Si bien el Rey nunca se casó, estuvo comprometido fugazmente con su prima Sofía Carlota de Baviera, con la que compartía la pasión por Wagner y a la que se refería como Elsa, un personaje de fantasía de la ópera romántica Lohengrin de Wagner. En su diario personal dejó registrada su preocupación porque no se conocieran sus deseos sexuales y se pudiera mantener fiel a los dogmas católicos. Incapaz de hacer pública su homosexualidad, Luis II se internó en un mundo de fantasía, con personajes como Sofía, viviendo la profunda frustración de todos aquellos reyes sabedores de que nunca tendrán sucesor.
Del mismo modo, su ambición de unificar en torno a Baviera los dispersos reinos germánicos chocó con la pujanza de Prusia.

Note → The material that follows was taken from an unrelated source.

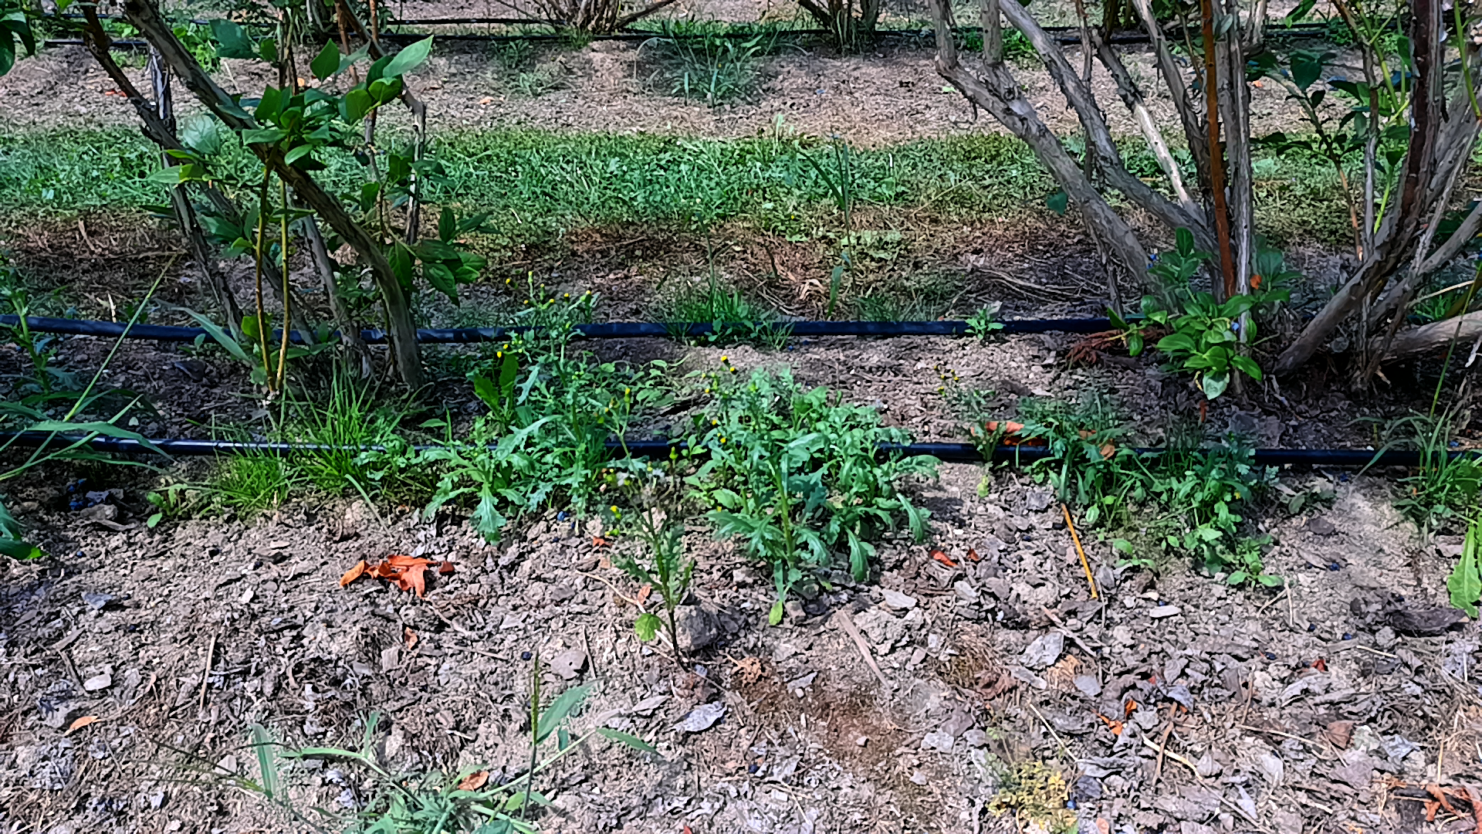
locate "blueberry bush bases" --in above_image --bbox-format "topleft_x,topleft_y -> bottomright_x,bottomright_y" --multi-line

Tras su derrota contra Prusia en la Guerra de las Siete Semanas, Luis II se vio obligado a alinearse a partir de entonces del bando de Otto von Bismarck. Si bien los distintos reinos mantuvieron cierta autonomía, incluidas sus coronas, la fundación del Imperio alemán bajo la Dinastía de los Hohenzollern, en 1871, situó a los Reyes de Baviera y Sajonia (los dos reinos más grandes después de Prusia) y otros príncipes menores camino de la extinción.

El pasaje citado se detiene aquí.